• **WHAT TO WORK ON**
The pictures stay out. Please retype every line below exactly.
··········
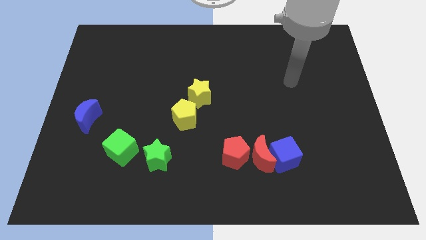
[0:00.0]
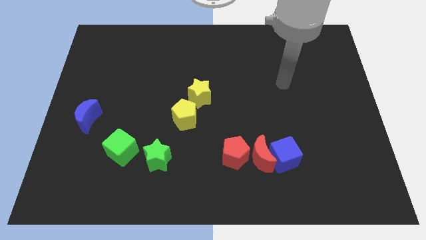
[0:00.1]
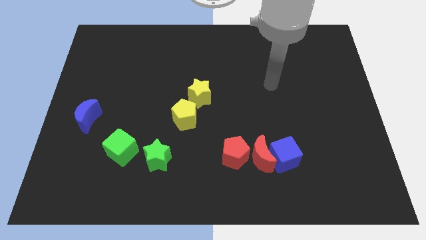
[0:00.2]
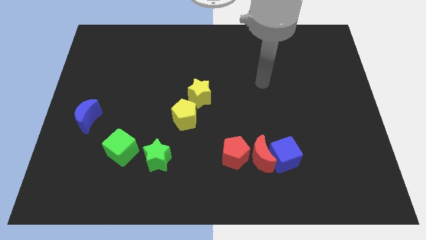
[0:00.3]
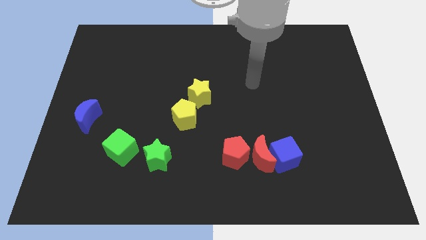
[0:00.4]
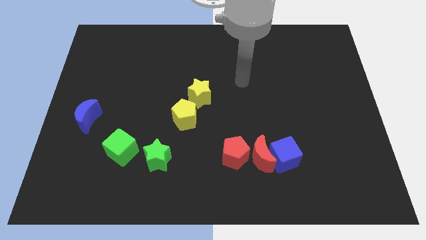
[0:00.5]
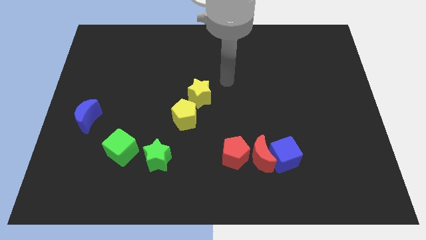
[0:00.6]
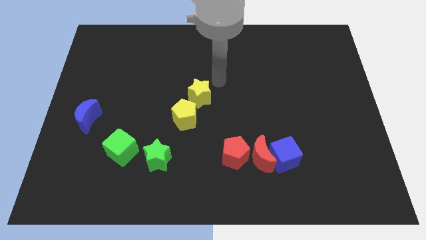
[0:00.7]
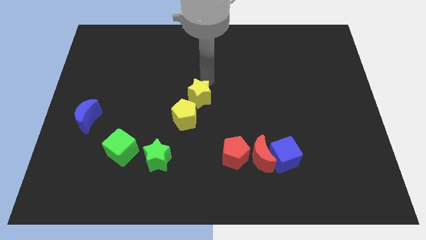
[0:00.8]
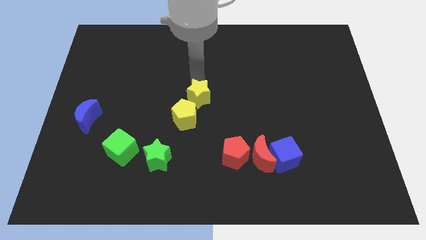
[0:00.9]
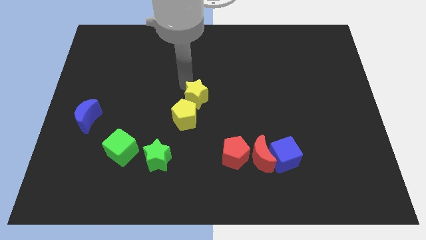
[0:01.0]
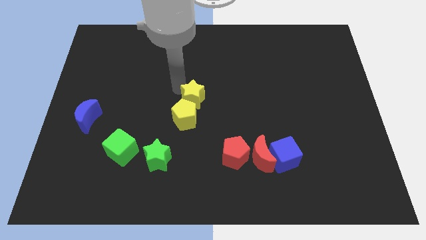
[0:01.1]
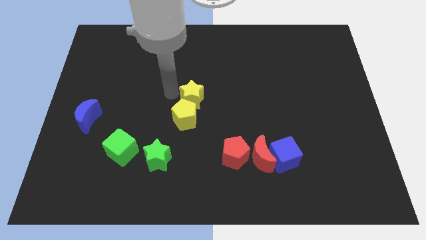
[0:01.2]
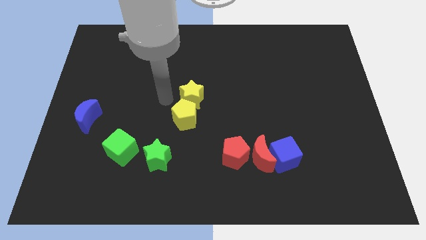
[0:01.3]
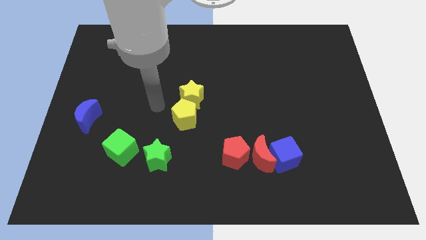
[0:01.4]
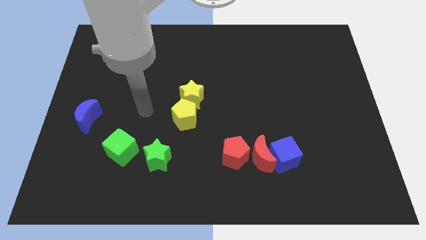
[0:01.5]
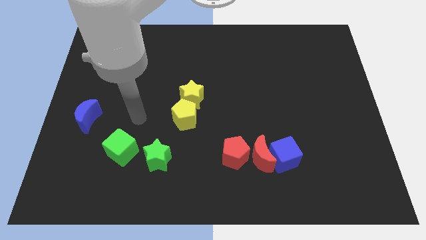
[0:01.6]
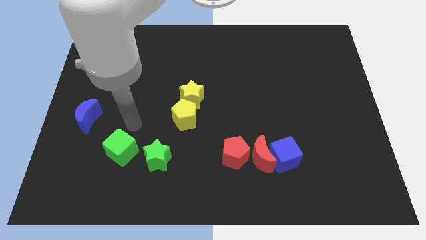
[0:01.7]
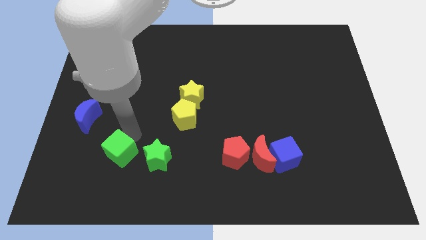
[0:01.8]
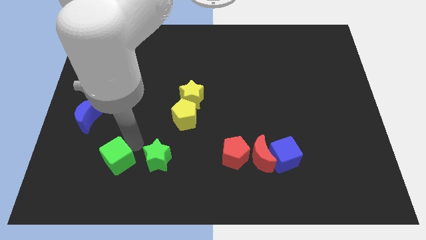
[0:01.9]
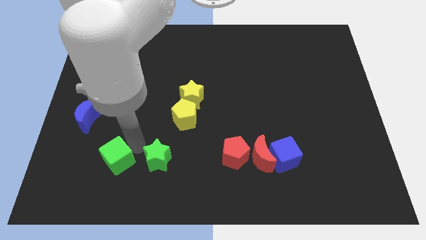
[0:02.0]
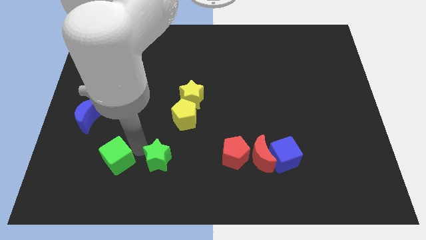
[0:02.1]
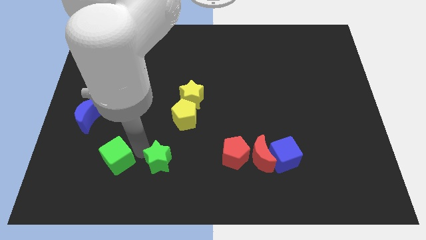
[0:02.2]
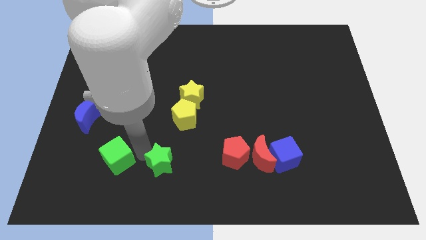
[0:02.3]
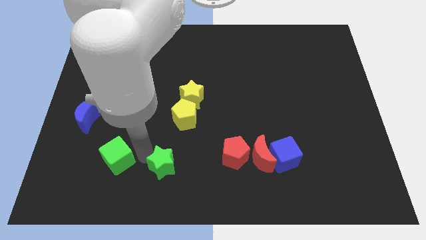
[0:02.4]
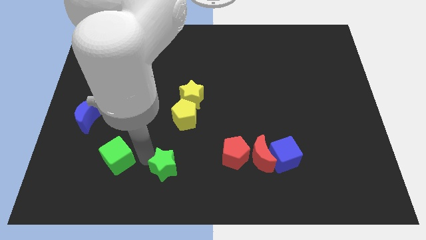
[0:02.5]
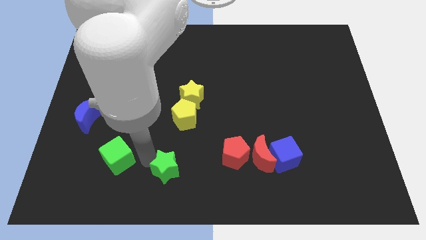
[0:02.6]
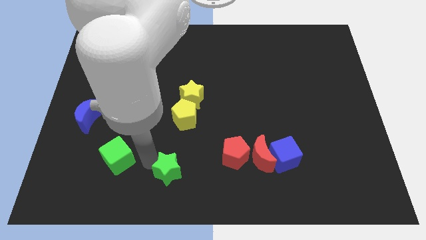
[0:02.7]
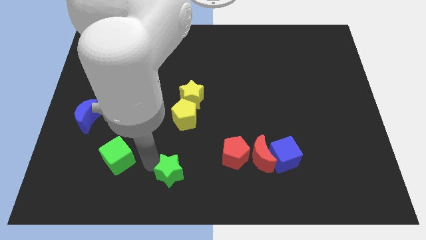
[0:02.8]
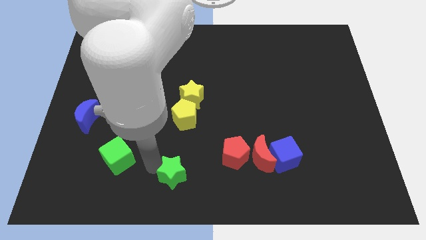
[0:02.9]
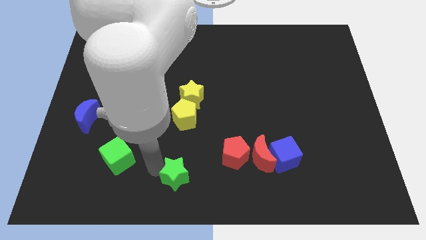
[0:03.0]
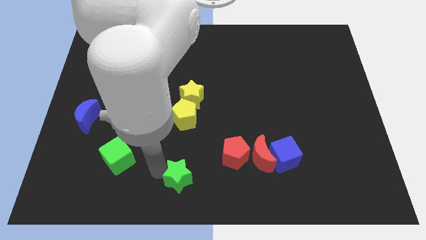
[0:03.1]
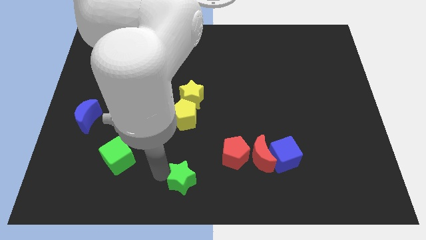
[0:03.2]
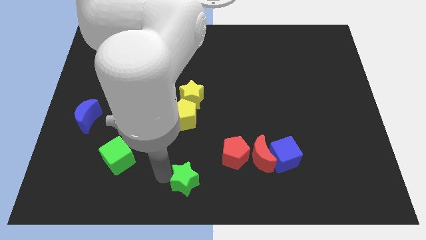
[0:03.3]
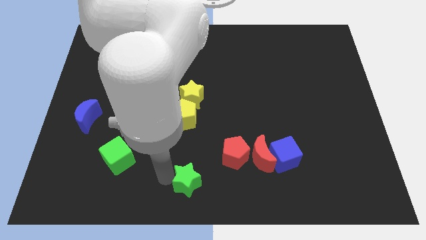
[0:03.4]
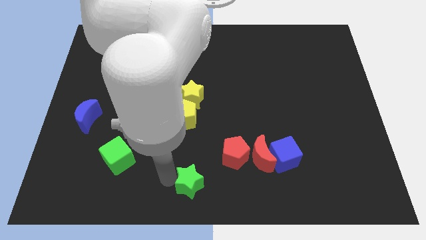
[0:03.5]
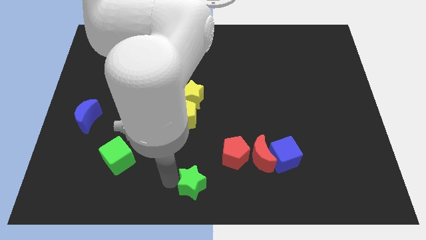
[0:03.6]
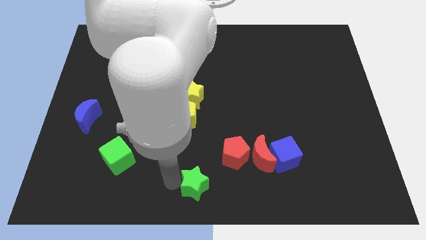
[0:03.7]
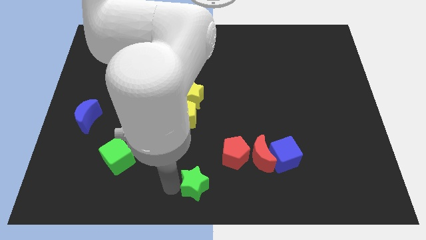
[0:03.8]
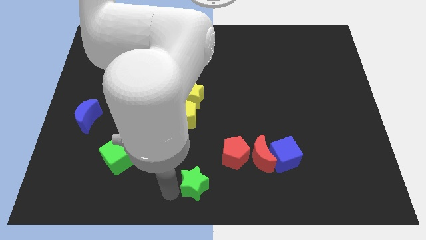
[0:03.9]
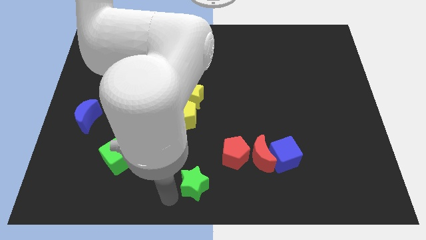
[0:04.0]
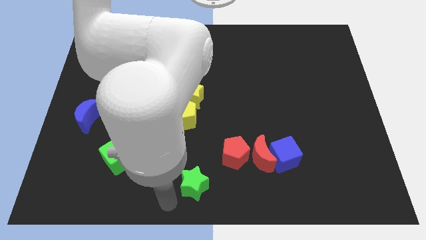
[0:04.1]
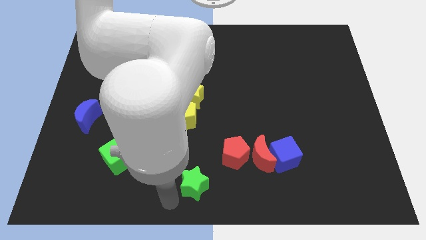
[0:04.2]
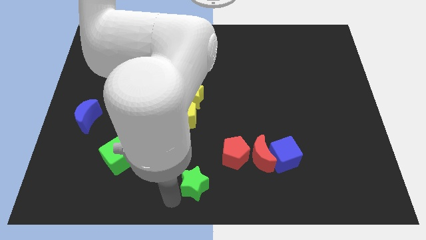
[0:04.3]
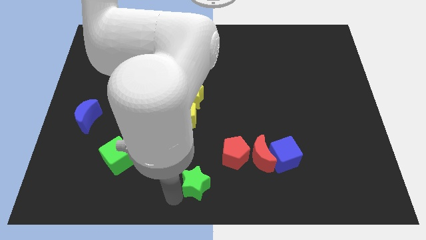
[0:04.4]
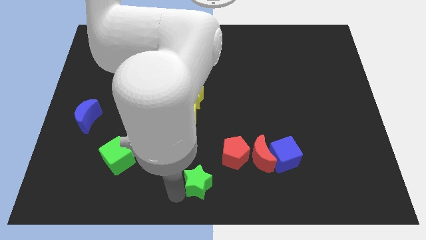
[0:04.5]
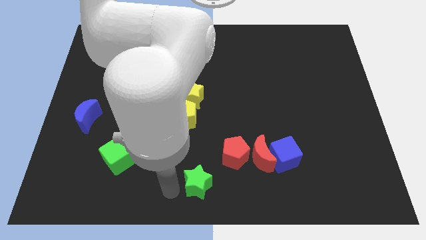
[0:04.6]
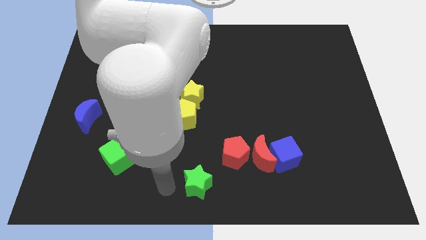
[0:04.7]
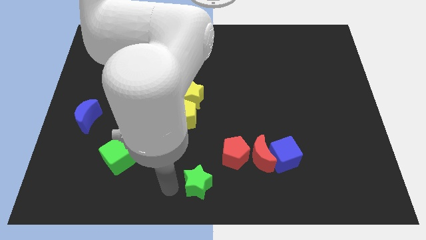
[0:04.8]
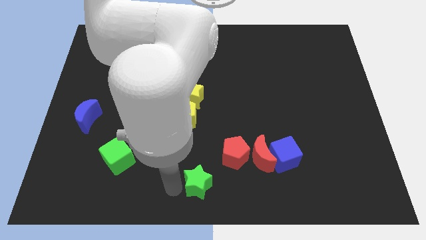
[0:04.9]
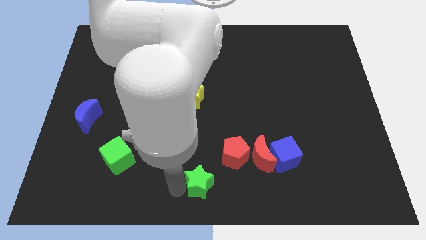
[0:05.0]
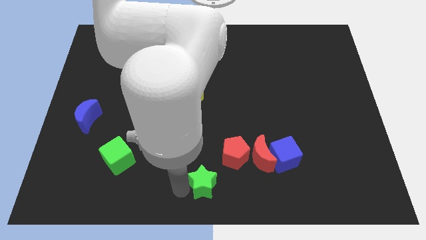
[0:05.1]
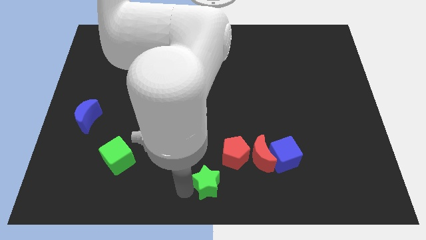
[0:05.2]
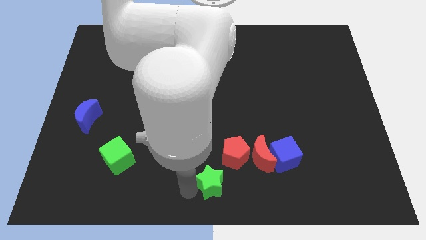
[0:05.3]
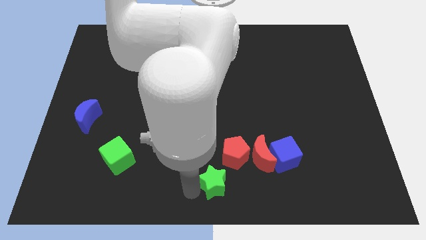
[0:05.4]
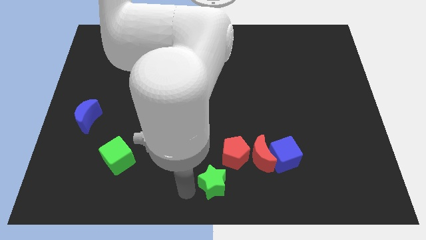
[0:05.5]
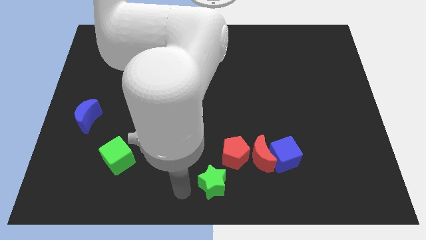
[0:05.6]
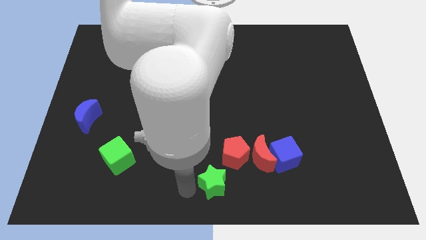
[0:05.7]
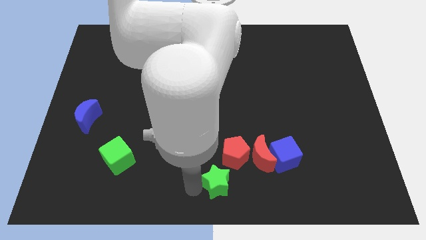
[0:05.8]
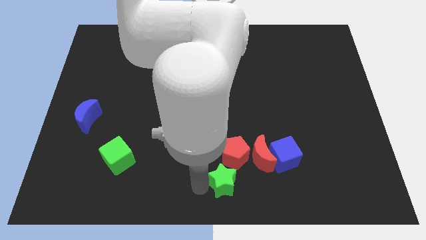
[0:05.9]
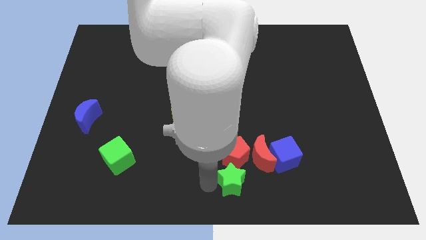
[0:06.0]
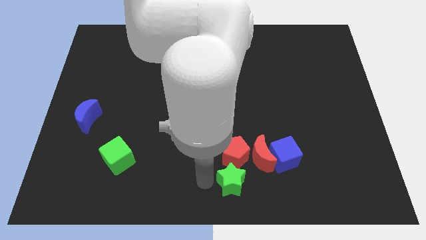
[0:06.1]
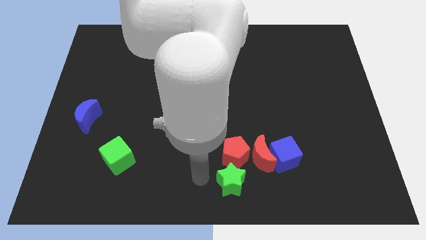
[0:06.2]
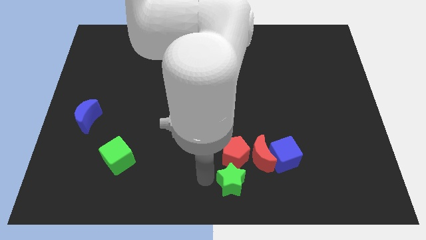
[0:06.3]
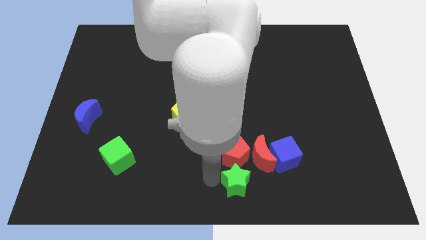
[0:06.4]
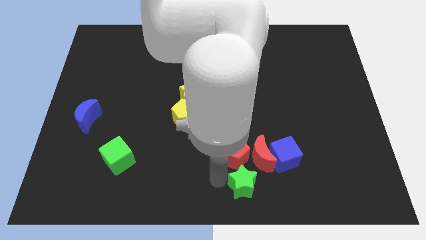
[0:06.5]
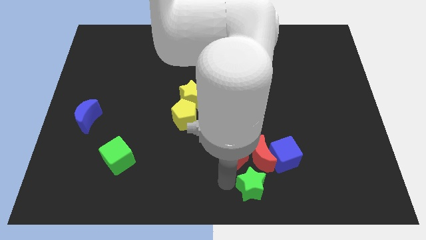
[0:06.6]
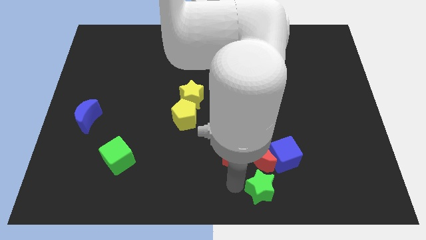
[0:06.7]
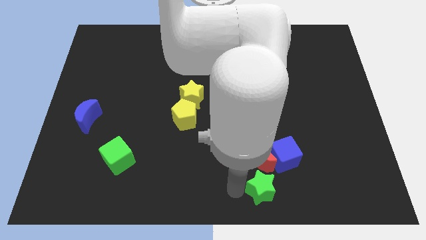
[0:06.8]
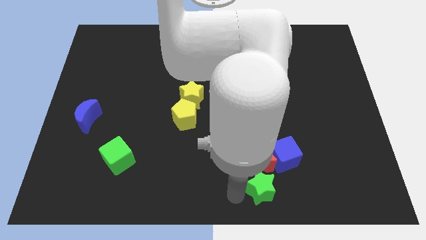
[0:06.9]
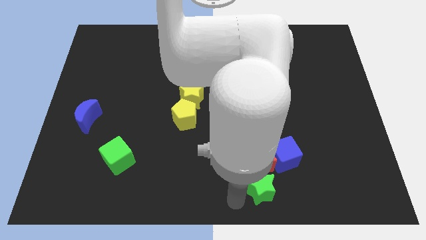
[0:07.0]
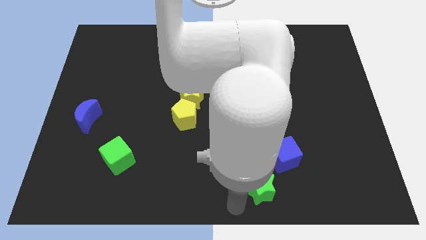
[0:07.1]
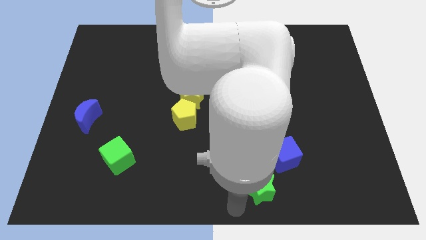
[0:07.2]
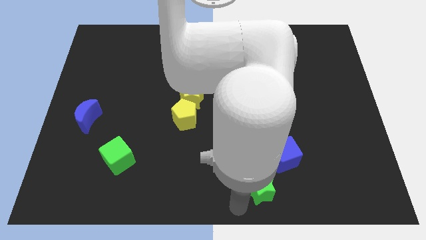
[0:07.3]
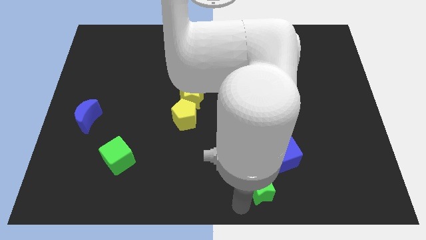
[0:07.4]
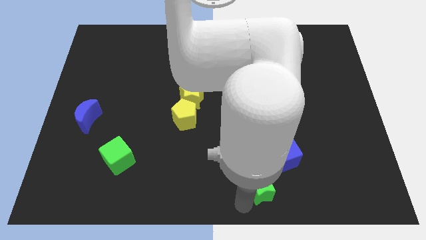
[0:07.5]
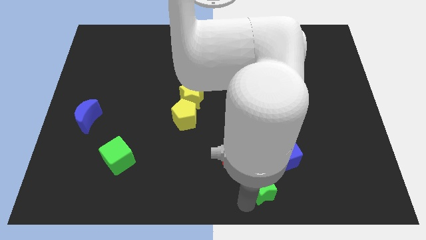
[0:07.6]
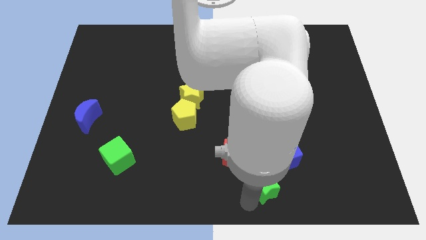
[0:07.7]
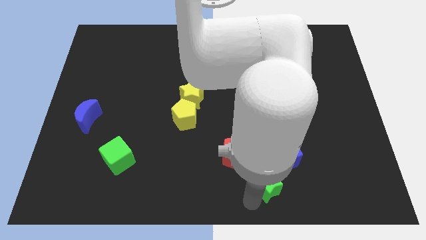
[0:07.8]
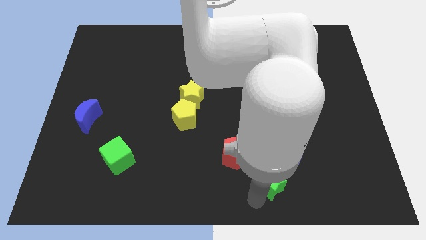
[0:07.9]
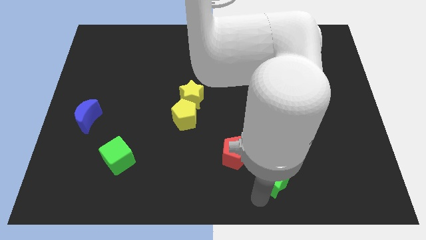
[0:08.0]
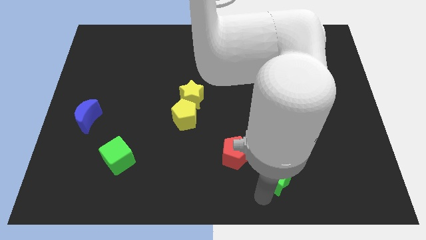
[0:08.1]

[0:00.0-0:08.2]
push the green star to the blue cube
··········
• **RESULT**
[0:00.0]
[0:00.1]
[0:00.2]
[0:00.3]
[0:00.4]
[0:00.5]
[0:00.6]
[0:00.7]
[0:00.8]
[0:00.9]
[0:01.0]
[0:01.1]
[0:01.2]
[0:01.3]
[0:01.4]
[0:01.5]
[0:01.6]
[0:01.7]
[0:01.8]
[0:01.9]
[0:02.0]
[0:02.1]
[0:02.2]
[0:02.3]
[0:02.4]
[0:02.5]
[0:02.6]
[0:02.7]
[0:02.8]
[0:02.9]
[0:03.0]
[0:03.1]
[0:03.2]
[0:03.3]
[0:03.4]
[0:03.5]
[0:03.6]
[0:03.7]
[0:03.8]
[0:03.9]
[0:04.0]
[0:04.1]
[0:04.2]
[0:04.3]
[0:04.4]
[0:04.5]
[0:04.6]
[0:04.7]
[0:04.8]
[0:04.9]
[0:05.0]
[0:05.1]
[0:05.2]
[0:05.3]
[0:05.4]
[0:05.5]
[0:05.6]
[0:05.7]
[0:05.8]
[0:05.9]
[0:06.0]
[0:06.1]
[0:06.2]
[0:06.3]
[0:06.4]
[0:06.5]
[0:06.6]
[0:06.7]
[0:06.8]
[0:06.9]
[0:07.0]
[0:07.1]
[0:07.2]
[0:07.3]
[0:07.4]
[0:07.5]
[0:07.6]
[0:07.7]
[0:07.8]
[0:07.9]
[0:08.0]
[0:08.1]

[0:00.0-0:08.2]
push the green star to the blue cube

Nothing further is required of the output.